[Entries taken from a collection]
┌────────

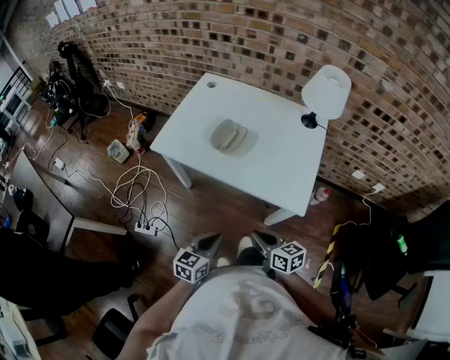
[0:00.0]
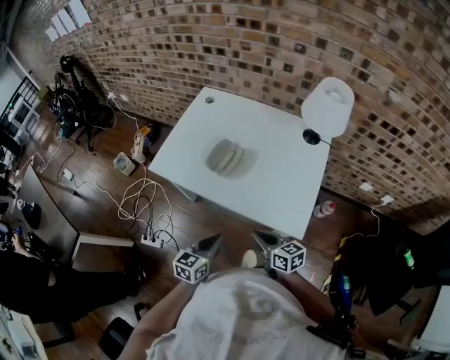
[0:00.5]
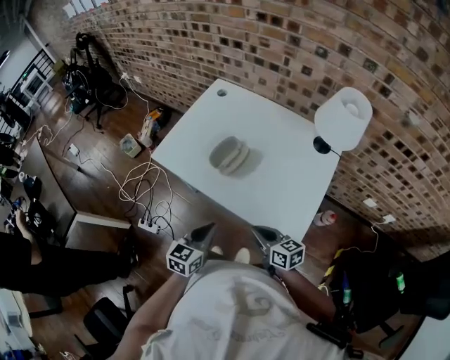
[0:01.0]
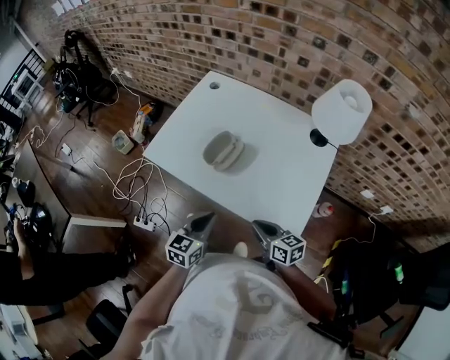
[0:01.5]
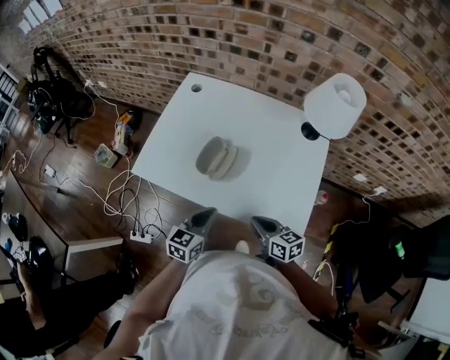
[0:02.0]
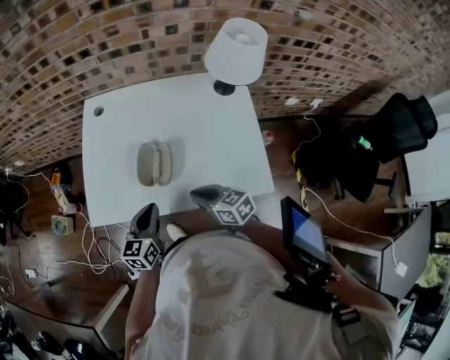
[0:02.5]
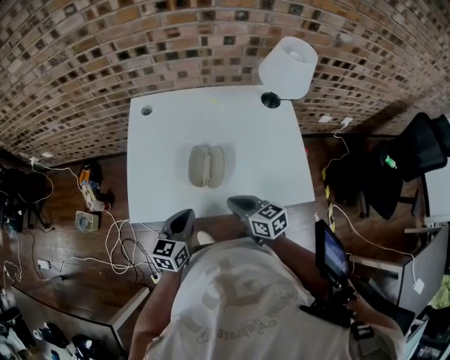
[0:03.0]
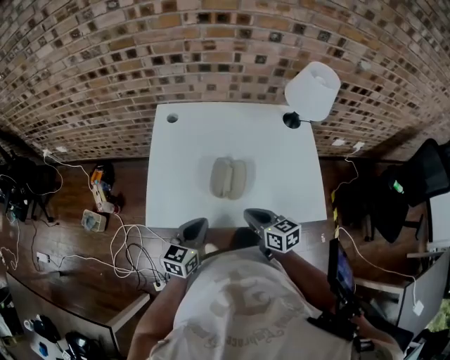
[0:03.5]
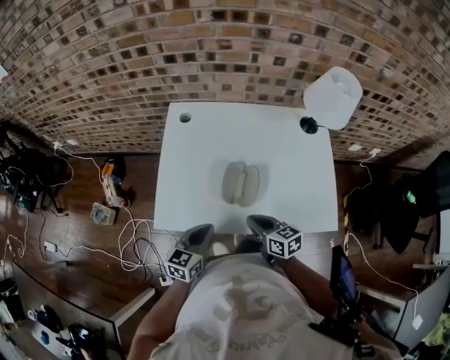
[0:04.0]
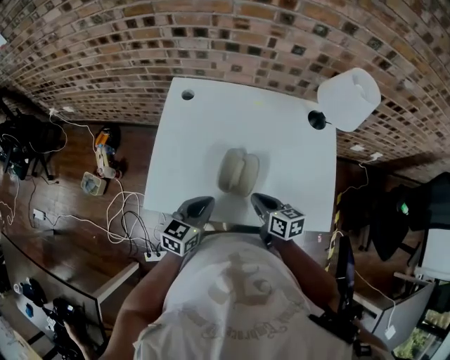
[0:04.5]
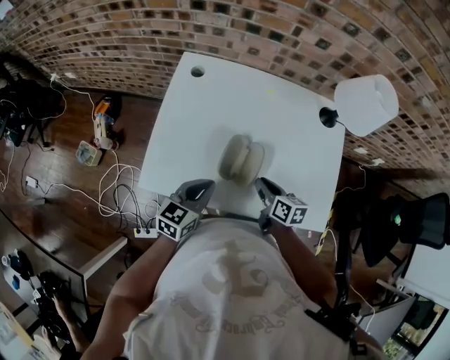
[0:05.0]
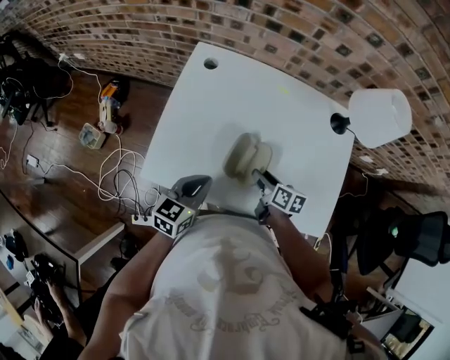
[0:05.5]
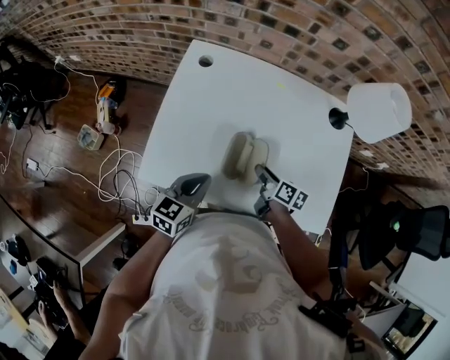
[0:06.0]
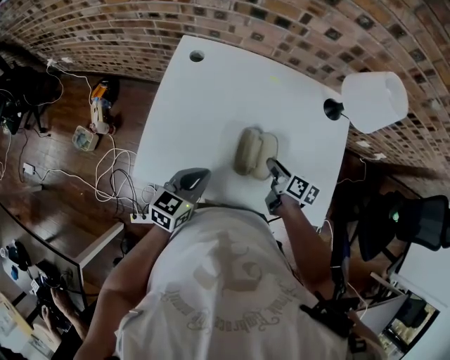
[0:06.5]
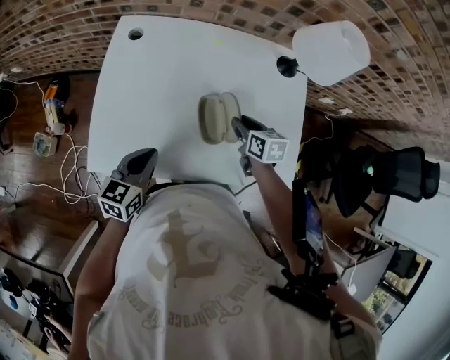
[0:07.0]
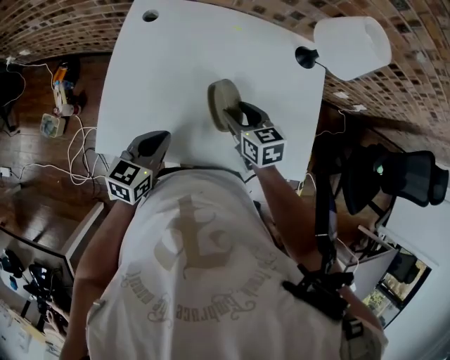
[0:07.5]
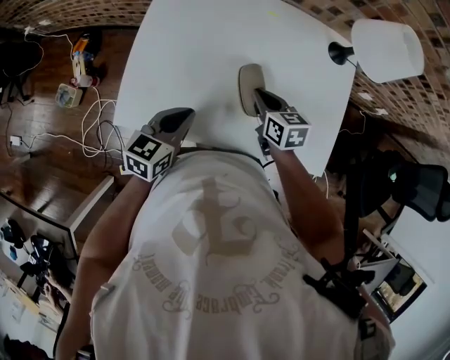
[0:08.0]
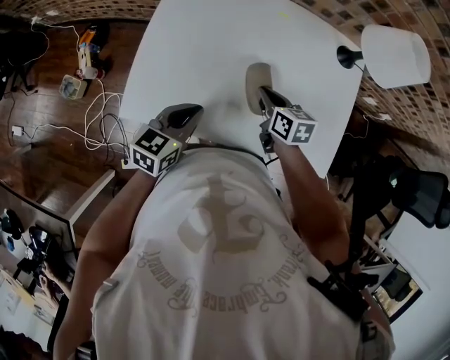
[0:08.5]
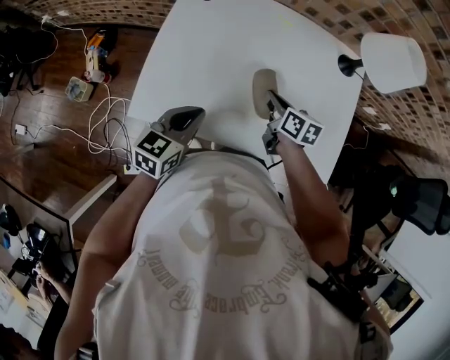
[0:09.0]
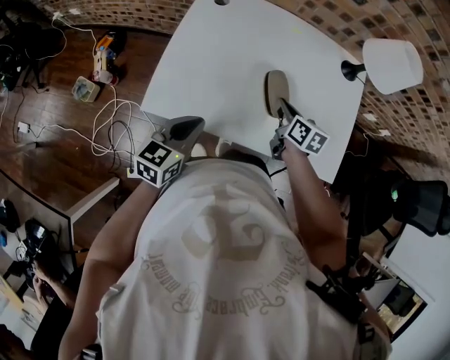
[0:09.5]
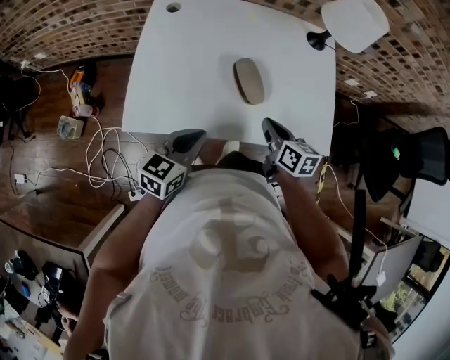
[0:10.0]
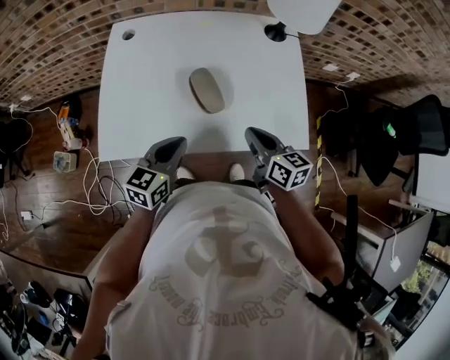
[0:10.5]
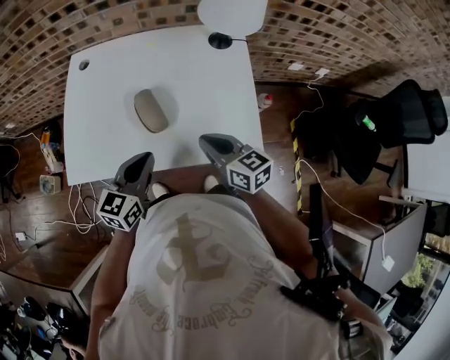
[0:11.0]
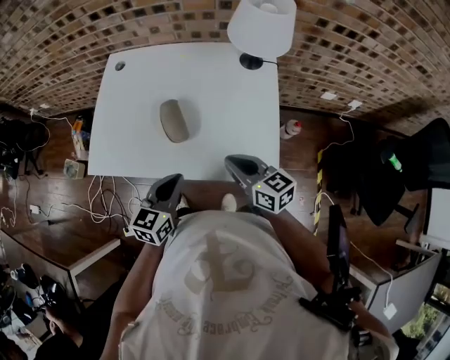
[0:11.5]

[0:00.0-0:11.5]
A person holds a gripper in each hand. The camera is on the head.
0:00.0 to 0:02.0: The grippers both shift forward by roughly 20 cm.
0:02.0 to 0:04.0: Both grippers move to the left and forward, roughly 20 cm.
0:04.0 to 0:06.0: The right gripper moves forward, downward and to the right, roughly 15 cm, turns by roughly 30 degrees, and opens up, while the left gripper goes roughly 5 cm forward.
0:06.0 to 0:07.5: The right gripper shifts some 5 cm upward, goes to the right and returns, approximately 10 cm each way, and twists about 40 degrees counterclockwise, seen from behind.
0:07.5 to 0:09.5: The left gripper goes roughly 10 cm backward and to the left. The right gripper swivels roughly 20 degrees, and closes.
0:09.5 to 0:11.5: The right gripper travels to the right, backward and upward by approximately 25 cm, and swivels roughly 30 degrees. Meanwhile the left gripper goes approximately 25 cm to the right.

└────────

REQUIRED WORK
Please retype the data exactly, but do not carry over any picture.

OUTPUT FOR THIS EXERCISE
[0:00.0]
[0:00.5]
[0:01.0]
[0:01.5]
[0:02.0]
[0:02.5]
[0:03.0]
[0:03.5]
[0:04.0]
[0:04.5]
[0:05.0]
[0:05.5]
[0:06.0]
[0:06.5]
[0:07.0]
[0:07.5]
[0:08.0]
[0:08.5]
[0:09.0]
[0:09.5]
[0:10.0]
[0:10.5]
[0:11.0]
[0:11.5]

[0:00.0-0:11.5]
A person holds a gripper in each hand. The camera is on the head.
0:00.0 to 0:02.0: The grippers both shift forward by roughly 20 cm.
0:02.0 to 0:04.0: Both grippers move to the left and forward, roughly 20 cm.
0:04.0 to 0:06.0: The right gripper moves forward, downward and to the right, roughly 15 cm, turns by roughly 30 degrees, and opens up, while the left gripper goes roughly 5 cm forward.
0:06.0 to 0:07.5: The right gripper shifts some 5 cm upward, goes to the right and returns, approximately 10 cm each way, and twists about 40 degrees counterclockwise, seen from behind.
0:07.5 to 0:09.5: The left gripper goes roughly 10 cm backward and to the left. The right gripper swivels roughly 20 degrees, and closes.
0:09.5 to 0:11.5: The right gripper travels to the right, backward and upward by approximately 25 cm, and swivels roughly 30 degrees. Meanwhile the left gripper goes approximately 25 cm to the right.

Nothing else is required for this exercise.